When you reach the line containing "-80 -43 -113" in the records below, start copying exactly, and stop once you have copied the line containing "-101 -88 -50".

________________________________________

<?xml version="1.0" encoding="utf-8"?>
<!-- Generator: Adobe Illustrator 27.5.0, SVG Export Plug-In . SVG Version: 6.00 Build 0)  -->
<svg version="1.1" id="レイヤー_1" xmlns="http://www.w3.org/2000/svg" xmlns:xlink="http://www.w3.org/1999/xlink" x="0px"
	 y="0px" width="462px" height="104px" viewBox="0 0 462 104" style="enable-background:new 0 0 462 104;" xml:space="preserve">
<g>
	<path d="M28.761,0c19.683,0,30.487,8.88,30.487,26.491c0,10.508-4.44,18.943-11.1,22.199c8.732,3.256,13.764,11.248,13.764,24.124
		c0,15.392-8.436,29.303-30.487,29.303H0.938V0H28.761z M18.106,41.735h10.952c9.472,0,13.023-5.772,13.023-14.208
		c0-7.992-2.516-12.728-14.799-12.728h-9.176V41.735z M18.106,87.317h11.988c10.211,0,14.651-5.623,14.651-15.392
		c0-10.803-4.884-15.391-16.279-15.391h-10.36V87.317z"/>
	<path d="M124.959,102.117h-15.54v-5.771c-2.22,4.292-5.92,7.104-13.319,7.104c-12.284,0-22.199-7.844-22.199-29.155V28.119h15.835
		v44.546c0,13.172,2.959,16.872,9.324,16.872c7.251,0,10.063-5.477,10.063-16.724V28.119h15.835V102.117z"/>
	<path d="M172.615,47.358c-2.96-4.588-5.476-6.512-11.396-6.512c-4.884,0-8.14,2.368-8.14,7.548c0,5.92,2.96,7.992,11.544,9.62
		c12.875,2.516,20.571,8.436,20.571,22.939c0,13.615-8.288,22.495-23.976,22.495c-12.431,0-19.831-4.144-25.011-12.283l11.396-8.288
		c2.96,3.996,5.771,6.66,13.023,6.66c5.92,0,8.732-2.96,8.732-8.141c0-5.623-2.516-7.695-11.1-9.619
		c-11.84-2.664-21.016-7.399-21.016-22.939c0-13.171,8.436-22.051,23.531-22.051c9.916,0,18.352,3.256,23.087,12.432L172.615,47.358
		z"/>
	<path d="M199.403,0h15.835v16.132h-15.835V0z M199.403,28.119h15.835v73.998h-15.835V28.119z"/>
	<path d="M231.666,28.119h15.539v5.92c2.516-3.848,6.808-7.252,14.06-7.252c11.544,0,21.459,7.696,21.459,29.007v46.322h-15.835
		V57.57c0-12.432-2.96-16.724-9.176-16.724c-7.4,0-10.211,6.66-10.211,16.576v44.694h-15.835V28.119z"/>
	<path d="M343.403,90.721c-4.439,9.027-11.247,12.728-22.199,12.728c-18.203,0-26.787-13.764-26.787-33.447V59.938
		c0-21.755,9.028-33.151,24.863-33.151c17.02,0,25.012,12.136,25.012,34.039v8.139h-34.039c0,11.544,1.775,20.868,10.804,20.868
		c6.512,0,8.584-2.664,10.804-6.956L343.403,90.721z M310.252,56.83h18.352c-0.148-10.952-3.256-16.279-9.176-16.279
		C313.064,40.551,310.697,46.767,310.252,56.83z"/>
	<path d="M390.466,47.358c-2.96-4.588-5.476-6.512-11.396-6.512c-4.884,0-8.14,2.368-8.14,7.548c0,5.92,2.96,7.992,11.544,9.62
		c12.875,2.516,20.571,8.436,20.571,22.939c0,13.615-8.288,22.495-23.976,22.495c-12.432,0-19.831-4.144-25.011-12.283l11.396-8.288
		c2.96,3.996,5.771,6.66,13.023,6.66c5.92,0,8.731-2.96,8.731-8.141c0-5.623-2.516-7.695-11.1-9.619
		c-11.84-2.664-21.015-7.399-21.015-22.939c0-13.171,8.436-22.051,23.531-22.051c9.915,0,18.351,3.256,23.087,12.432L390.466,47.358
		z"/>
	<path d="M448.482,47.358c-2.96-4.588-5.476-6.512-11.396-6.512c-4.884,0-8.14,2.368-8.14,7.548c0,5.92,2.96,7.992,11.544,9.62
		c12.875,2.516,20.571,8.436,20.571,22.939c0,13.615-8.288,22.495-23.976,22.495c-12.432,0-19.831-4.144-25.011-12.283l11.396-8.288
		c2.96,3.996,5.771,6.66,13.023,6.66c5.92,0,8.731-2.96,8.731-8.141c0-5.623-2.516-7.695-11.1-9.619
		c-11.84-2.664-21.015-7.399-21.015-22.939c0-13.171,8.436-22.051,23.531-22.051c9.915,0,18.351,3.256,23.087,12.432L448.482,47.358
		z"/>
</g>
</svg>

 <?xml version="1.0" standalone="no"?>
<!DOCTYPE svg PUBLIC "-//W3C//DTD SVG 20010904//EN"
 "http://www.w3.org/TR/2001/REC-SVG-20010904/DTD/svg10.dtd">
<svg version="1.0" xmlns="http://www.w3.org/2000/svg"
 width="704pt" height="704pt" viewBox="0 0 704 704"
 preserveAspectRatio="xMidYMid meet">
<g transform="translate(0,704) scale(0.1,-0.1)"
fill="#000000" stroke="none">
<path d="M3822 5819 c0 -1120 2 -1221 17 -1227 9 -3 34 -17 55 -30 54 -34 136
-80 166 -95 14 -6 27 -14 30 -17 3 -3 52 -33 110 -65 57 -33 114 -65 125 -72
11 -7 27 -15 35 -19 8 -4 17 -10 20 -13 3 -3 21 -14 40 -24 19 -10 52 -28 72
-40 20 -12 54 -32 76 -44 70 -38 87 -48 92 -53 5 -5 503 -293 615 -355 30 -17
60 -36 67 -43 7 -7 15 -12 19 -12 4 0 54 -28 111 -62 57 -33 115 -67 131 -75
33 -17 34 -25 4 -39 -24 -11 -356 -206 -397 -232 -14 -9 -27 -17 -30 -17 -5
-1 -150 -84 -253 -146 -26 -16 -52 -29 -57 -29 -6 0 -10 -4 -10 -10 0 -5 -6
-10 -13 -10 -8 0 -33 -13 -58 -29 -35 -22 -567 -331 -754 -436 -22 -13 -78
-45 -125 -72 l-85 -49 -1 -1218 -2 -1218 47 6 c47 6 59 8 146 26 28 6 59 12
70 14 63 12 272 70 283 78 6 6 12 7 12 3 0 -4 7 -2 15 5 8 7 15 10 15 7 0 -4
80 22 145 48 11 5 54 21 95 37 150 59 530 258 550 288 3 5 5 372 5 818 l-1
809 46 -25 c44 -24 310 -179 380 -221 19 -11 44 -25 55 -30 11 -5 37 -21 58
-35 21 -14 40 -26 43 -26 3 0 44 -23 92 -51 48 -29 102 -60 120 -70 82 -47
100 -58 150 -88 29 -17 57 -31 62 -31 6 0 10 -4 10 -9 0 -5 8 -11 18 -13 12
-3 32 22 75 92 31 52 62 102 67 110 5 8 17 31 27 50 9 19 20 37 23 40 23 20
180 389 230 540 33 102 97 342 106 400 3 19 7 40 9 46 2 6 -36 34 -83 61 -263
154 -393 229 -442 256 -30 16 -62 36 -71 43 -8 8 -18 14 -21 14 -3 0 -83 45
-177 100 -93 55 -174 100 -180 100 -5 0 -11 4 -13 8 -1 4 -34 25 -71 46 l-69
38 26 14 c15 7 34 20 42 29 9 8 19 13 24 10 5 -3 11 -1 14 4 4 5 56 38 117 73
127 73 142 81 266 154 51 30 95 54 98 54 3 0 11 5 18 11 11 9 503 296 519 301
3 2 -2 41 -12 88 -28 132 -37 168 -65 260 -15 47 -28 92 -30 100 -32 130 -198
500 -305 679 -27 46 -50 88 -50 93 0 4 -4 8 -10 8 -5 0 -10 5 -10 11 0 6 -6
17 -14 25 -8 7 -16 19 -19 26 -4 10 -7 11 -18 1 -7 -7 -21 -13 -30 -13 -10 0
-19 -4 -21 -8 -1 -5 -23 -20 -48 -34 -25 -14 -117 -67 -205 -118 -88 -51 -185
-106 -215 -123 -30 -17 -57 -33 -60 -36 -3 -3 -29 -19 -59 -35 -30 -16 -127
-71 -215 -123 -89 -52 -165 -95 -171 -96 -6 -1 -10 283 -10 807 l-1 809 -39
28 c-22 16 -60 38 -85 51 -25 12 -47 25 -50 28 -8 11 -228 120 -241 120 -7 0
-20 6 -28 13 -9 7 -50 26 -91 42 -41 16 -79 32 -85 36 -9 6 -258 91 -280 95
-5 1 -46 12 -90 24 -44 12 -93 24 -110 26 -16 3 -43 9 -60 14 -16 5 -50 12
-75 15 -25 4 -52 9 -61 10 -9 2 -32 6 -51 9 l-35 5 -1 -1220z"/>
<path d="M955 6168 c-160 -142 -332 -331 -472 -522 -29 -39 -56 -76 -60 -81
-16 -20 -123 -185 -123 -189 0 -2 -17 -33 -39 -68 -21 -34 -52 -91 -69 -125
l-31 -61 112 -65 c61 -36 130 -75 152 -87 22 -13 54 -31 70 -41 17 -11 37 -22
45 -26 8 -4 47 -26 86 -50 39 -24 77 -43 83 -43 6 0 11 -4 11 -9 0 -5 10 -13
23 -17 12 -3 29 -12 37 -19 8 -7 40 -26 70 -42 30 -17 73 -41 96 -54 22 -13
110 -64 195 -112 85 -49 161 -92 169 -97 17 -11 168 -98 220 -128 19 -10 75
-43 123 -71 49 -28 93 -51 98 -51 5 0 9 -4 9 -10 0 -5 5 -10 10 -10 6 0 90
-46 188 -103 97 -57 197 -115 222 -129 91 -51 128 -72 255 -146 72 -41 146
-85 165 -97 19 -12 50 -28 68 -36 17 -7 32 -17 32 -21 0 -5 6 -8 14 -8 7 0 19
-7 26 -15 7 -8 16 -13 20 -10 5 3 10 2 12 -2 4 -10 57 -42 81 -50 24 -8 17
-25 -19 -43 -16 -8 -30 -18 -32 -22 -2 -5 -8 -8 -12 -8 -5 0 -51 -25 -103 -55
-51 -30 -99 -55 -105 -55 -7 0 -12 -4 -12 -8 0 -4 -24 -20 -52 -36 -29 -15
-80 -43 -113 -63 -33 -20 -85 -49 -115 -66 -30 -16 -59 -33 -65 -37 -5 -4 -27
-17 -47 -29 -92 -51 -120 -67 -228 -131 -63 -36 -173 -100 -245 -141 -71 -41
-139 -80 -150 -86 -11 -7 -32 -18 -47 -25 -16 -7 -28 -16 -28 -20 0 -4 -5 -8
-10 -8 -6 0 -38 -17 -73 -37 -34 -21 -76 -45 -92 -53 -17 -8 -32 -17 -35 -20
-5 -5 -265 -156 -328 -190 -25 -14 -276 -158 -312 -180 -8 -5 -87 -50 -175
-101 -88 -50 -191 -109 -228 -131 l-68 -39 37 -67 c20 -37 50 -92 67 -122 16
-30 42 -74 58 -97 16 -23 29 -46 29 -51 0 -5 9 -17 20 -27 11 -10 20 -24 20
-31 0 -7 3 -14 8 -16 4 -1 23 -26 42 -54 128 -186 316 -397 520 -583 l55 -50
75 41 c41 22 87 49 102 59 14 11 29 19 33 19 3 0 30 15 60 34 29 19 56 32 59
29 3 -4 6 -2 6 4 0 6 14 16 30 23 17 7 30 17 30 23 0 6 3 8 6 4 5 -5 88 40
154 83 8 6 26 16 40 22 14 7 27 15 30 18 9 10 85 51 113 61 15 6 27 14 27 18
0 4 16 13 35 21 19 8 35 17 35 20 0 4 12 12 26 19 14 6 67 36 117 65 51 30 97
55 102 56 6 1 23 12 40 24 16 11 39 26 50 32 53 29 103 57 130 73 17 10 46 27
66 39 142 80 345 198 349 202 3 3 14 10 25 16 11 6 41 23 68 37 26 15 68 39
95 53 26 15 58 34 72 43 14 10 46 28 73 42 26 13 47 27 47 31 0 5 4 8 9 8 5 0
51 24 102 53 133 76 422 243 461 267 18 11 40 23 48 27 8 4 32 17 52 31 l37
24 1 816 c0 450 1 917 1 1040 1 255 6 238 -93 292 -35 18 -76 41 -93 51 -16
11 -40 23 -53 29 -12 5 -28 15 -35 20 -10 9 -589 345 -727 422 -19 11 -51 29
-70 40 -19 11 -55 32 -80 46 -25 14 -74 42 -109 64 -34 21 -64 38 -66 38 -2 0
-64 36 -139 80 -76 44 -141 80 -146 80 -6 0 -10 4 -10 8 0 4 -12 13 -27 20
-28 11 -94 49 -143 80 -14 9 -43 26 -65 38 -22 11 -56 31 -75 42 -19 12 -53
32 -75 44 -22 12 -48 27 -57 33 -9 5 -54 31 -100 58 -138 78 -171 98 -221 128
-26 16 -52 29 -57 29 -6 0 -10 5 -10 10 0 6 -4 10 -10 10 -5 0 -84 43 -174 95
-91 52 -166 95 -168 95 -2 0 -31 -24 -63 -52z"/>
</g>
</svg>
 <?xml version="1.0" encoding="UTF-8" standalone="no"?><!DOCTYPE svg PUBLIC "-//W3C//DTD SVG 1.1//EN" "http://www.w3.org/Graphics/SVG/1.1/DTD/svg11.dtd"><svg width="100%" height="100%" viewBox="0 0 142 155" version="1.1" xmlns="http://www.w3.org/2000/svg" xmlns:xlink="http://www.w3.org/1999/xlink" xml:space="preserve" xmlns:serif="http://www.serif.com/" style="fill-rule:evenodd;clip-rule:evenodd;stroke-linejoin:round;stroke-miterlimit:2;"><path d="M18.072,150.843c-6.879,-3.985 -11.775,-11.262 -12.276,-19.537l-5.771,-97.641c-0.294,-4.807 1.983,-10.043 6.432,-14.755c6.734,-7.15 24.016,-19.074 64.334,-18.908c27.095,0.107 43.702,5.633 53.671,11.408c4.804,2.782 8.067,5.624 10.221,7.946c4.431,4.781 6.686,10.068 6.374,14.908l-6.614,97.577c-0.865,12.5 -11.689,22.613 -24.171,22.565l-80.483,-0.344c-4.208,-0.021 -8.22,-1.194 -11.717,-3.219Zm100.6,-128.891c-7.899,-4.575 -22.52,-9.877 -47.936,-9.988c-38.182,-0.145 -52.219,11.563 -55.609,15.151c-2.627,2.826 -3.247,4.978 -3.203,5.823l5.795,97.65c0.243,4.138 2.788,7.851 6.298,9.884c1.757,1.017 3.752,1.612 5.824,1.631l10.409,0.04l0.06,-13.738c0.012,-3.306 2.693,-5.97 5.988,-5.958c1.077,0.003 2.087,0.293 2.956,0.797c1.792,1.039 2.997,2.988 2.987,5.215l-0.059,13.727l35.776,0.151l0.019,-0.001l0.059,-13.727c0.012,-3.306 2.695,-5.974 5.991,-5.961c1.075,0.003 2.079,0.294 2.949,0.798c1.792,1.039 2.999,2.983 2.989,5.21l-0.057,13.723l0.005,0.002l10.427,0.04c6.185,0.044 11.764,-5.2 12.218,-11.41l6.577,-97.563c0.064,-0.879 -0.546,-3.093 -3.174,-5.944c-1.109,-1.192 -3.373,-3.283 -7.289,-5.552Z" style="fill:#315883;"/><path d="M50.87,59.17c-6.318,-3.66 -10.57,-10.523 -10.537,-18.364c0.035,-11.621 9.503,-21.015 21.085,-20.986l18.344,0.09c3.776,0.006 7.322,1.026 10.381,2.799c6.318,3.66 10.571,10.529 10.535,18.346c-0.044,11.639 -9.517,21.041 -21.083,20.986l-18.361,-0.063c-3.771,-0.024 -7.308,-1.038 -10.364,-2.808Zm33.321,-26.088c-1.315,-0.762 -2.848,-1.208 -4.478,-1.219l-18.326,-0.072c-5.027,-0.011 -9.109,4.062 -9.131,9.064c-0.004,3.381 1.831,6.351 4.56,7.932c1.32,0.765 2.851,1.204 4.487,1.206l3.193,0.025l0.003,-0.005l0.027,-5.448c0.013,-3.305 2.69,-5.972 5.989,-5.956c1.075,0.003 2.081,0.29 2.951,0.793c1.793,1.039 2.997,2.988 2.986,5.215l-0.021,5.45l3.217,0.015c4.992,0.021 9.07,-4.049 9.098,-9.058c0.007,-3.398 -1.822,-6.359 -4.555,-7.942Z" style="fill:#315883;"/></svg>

________________________________________

◆ **Task answer**
-80 -43 -113 -63 -33 -20 -85 -49 -115 -66 -30 -16 -59 -33 -65 -37 -5 -4 -27
-17 -47 -29 -92 -51 -120 -67 -228 -131 -63 -36 -173 -100 -245 -141 -71 -41
-139 -80 -150 -86 -11 -7 -32 -18 -47 -25 -16 -7 -28 -16 -28 -20 0 -4 -5 -8
-10 -8 -6 0 -38 -17 -73 -37 -34 -21 -76 -45 -92 -53 -17 -8 -32 -17 -35 -20
-5 -5 -265 -156 -328 -190 -25 -14 -276 -158 -312 -180 -8 -5 -87 -50 -175
-101 -88 -50 -191 -109 -228 -131 l-68 -39 37 -67 c20 -37 50 -92 67 -122 16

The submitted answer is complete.